NOTE: This needs approval from ALL reviewers before merge.

What

Segregate the Django settings required for backend versus Celery powered services (execution-consumer, celery-flower and celery-beat).
Improve logging in some cases.
Fix issue where pointing to a new Django settings module in backend/.env was not picked up.
Fix issue where backend was breaking when directly running in local due to version mismatch of some protocol buffers generated code. THIS FIXES CONTRIBUTOR INSTALLATIONS.
Allow building docker images locally from current branch. BENEFITS CONTRIBUTORS.
Ensure another virtual env is not active while invoking dev env CLI commands. BENEFITS CONTRIBUTORS.
Update pdm.lock files for backend and prompt-service.

Why

Integrating Celery distributed queue with Django is beneficial but Django settings need to be isolated by component, to ensure only required modules are loaded by Django. For example, various INSTALLED_APPS, plugins, etc for backend need not be loaded for Celery.
- Renaming settings/dev.py to settings/platform.py might be more apt, as gradually we can keep all common settings in base.py, and unique ones in platform.py and celery.py respectively.
- Adding settings/celery.py keeps all Celery related settings in one place and also eliminates the need for flowerconfig.py.
- Adding .celery.env ensures env is not polluted.
If fetching user orgs failed due to some reason, the error was not logged making it difficult to debug.
DJANGO_SETTINGS_MODULE should not be set in random places but ONLY in these four main entrypoints, BEFORE importing anything else:
- backend/asgi.py (production ASGI)
- backend/wsgi.py (production WSGI)
- manage.py (development server)
- backend/celery.py (Celery powered services)
Protocol buffers by nature generates some stub code for client and server integration from a .proto file. However, this stub code needs to be regenerated should the protocol buffers dependency version change. The easier alternative is to have PROTOCOL_BUFFERS_PYTHON_IMPLEMENTATION=python env setting which lets Python internally handle the stub code generation although relatively slower. This is what we do. However the other issue where the env vars and Django settings got loaded out of order caused mentioned protocol buffers env var to be unset, thus breaking backend.
Contributors should be able to run services directly in local always.
Evaluation server if not running will throw warnings, which could be suppressed by default to remove noise from the logs.

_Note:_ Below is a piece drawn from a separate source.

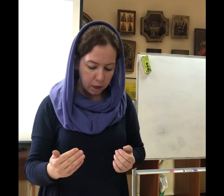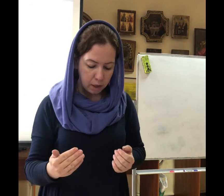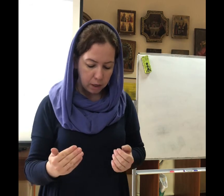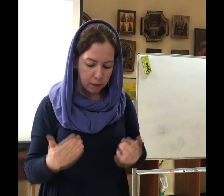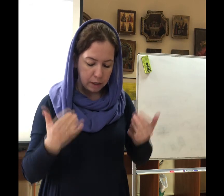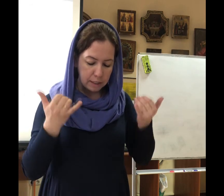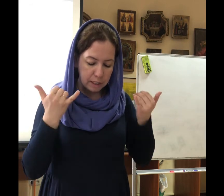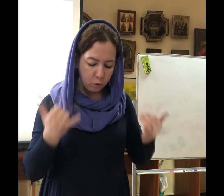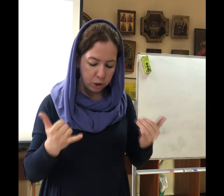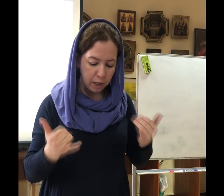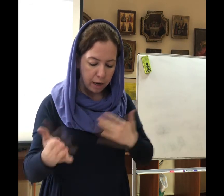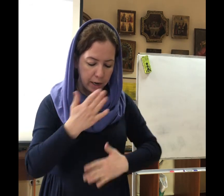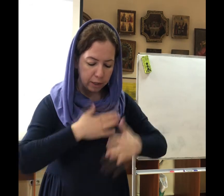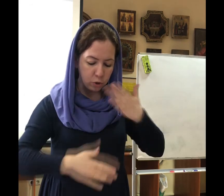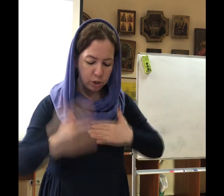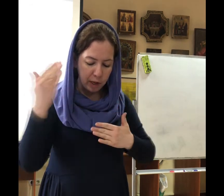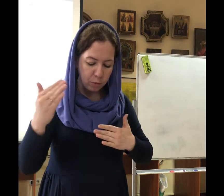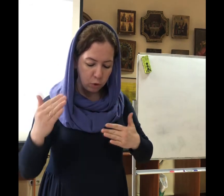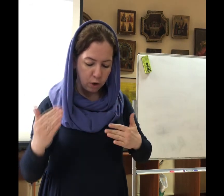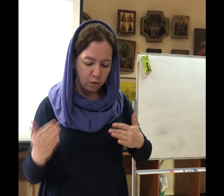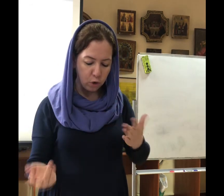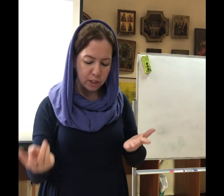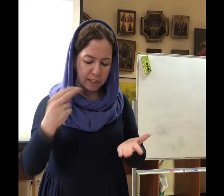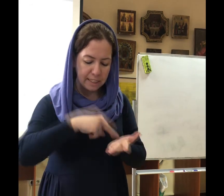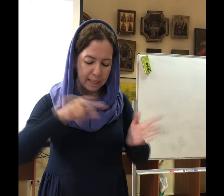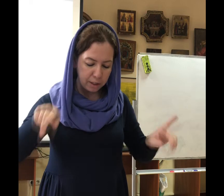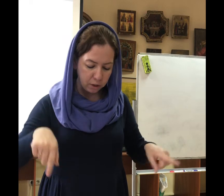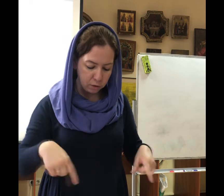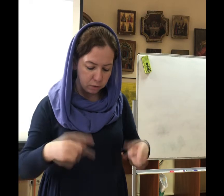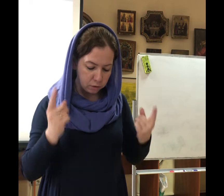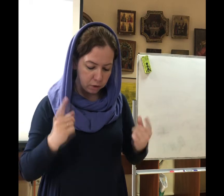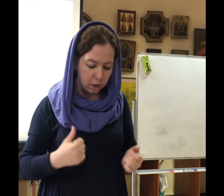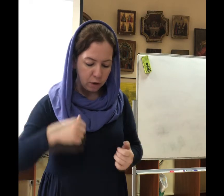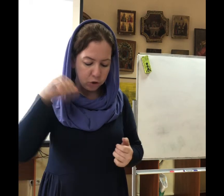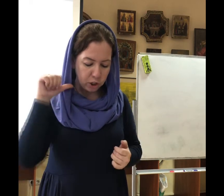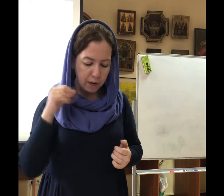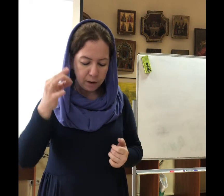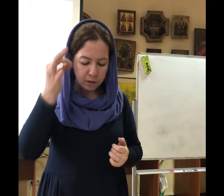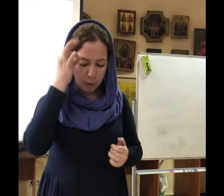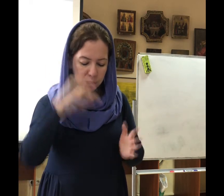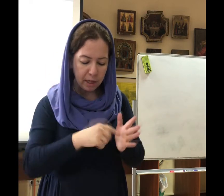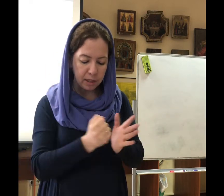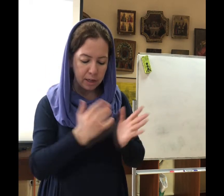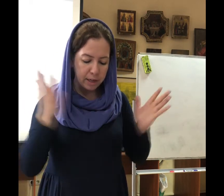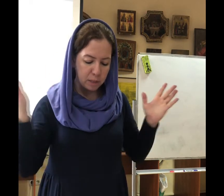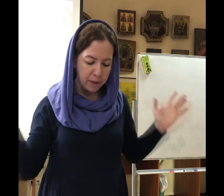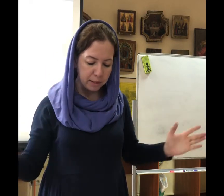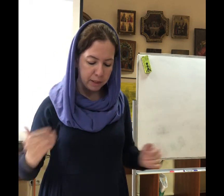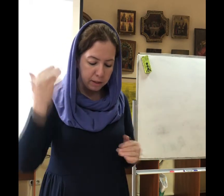Сегодня радуюсь Твоему воскресенью. Вчера вспоминал распятие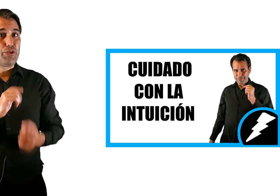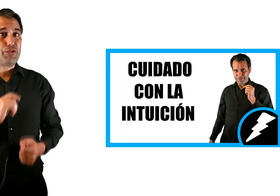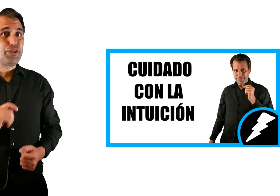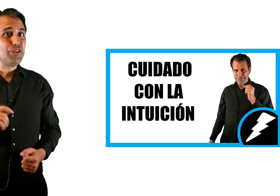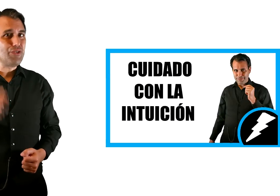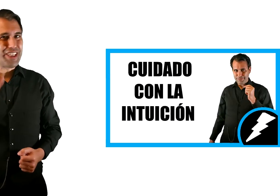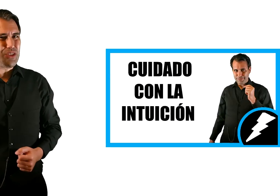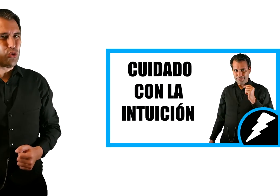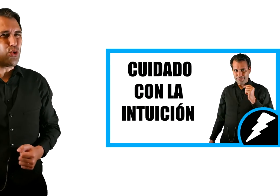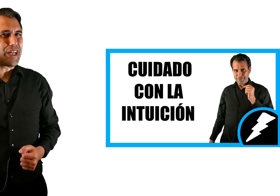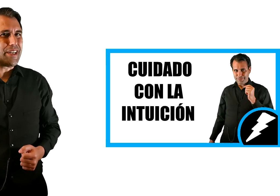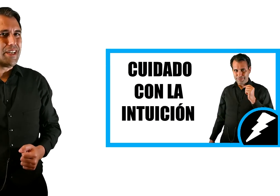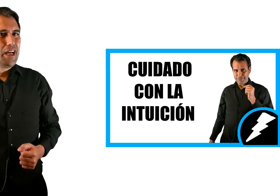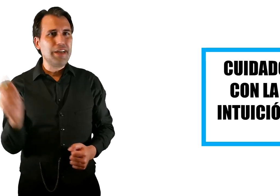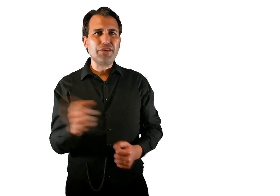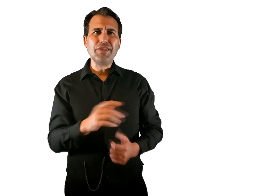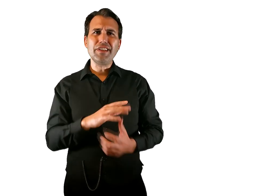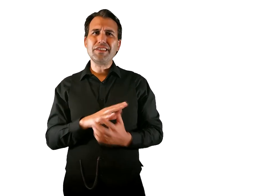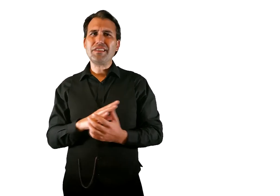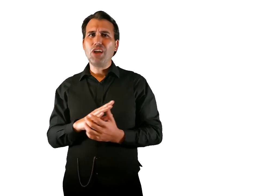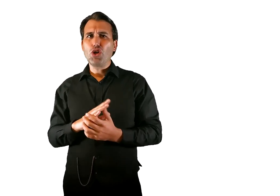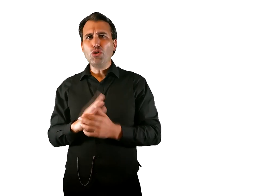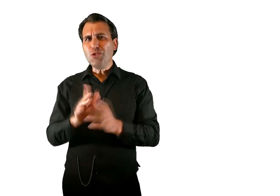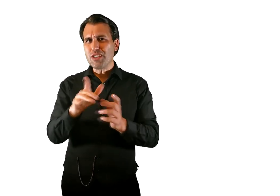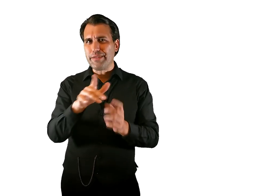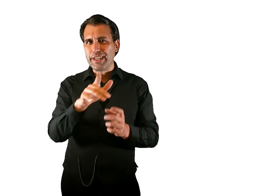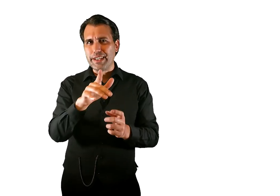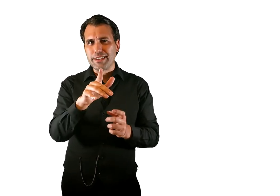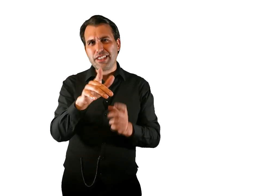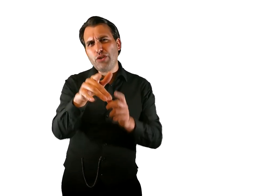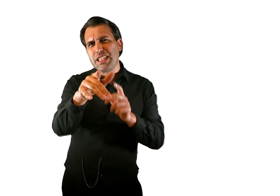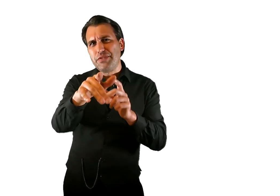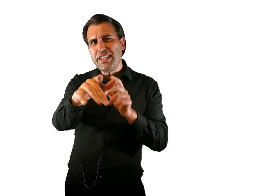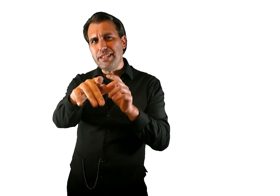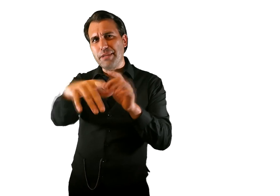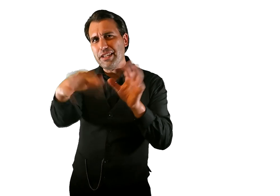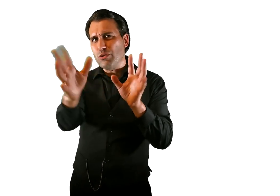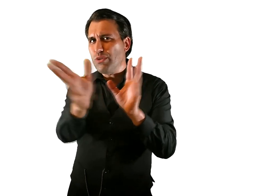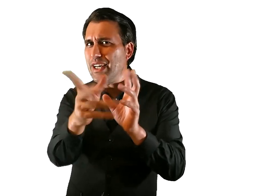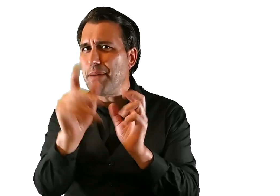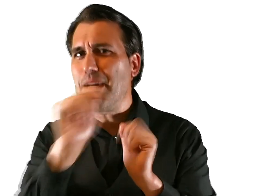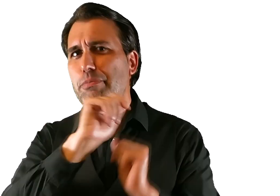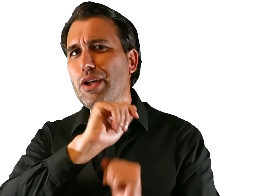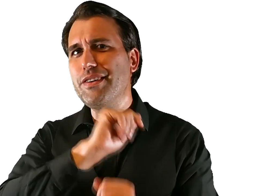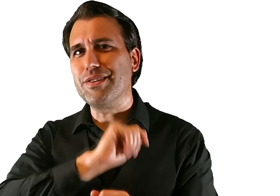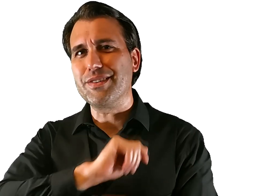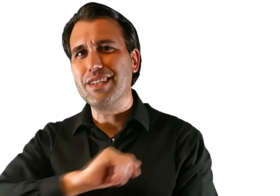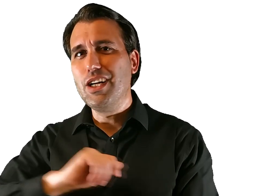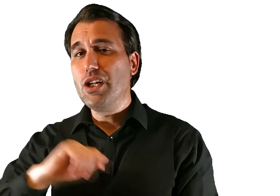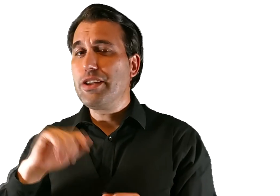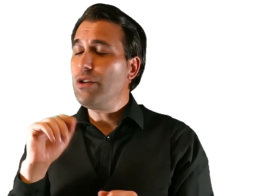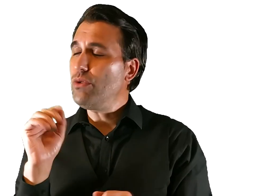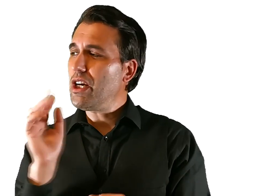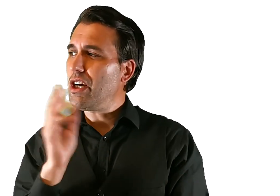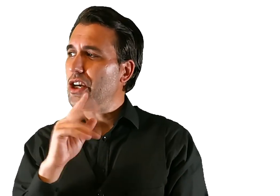que tu intuición te susurra. Entonces, ¿cómo saber si no eres víctima de una manipulación, de una

We could have an option to show warnings when required, which will continue to help in debugging.
A local build of Docker images should be allowed to happen from any feature branch instead of main only.
Executing dev-env-cli.sh while another virtual env is already activated will cause undesired effects, hence need to be checked.
pdm.lock files base branch caused resolution errors, hence needed to be regenerated manually.

How

Features

Add error logging for fetching user orgs
Improve logging and docs
Add settings/celery.py
Add .celery.env and corresponding .sample.celery.env
Add backend/celery.py entrypoint for execution-consumer, celery-flower and celery-beat
Rename celery instance to celery to avoid confusion
Refactor celery services config
Rename settings/dev.py to settings/platform.py
Remove django settings module update from utils
Remove unnecessary flowerconfig.py
Add env var to suppress evaluation server warnings
Add check for active venv in dev-env-cli.sh
Cleanup run-platform.sh

Fixes

Load env vars and Django settings in properorder and BEFORE other modules are imported in all backend entrypoints.

Can this PR break any existing features. If yes, please list possible items. If no, please explain why. (PS: Admins do not merge the PR without this section filled)

YES, this refactors the Django settings for backend (v1 and v2), execution-consumer, celery-flower and celery-beat.

Database Migrations

Env Config

New env var EVALUATION_SERVER_WARNINGS (default 'false') in backend/.env.
New default value of DJANGO_SETTINGS_MODULE='backend.settings.platform'.
New env file backend/.celery.env.

Relevant Docs

Related Issues or PRs

Dependencies Versions

Notes on Testing

The following modes of invocations seem to be running fine:

Component	Command (after `cd backend && . .venv/bin/activate`)	Running mode
backend via gunicorn	`./entrypoint.sh`	Direct in local
backend development server	`python manage.py runserver 0.0.0.0:8000`	Direct in local
execution consumer	`.venv/bin/celery -A backend worker --loglevel=info -Q celery,celery_periodic_logs,celery_log_task_queue --autoscale=8,1`	Direct in local
celery beat	`.venv/bin/celery -A backend beat --scheduler django_celery_beat.schedulers:DatabaseScheduler -l INFO`	Direct in local
celery flower	`.venv/bin/celery -A backend flower --port=5555 --purge_offline_workers=5`	Direct in local
all	`./run-platform.sh -u -b -v current`	In Docker containers

Screenshots

Checklist

I have read and understood the Contribution Guidelines.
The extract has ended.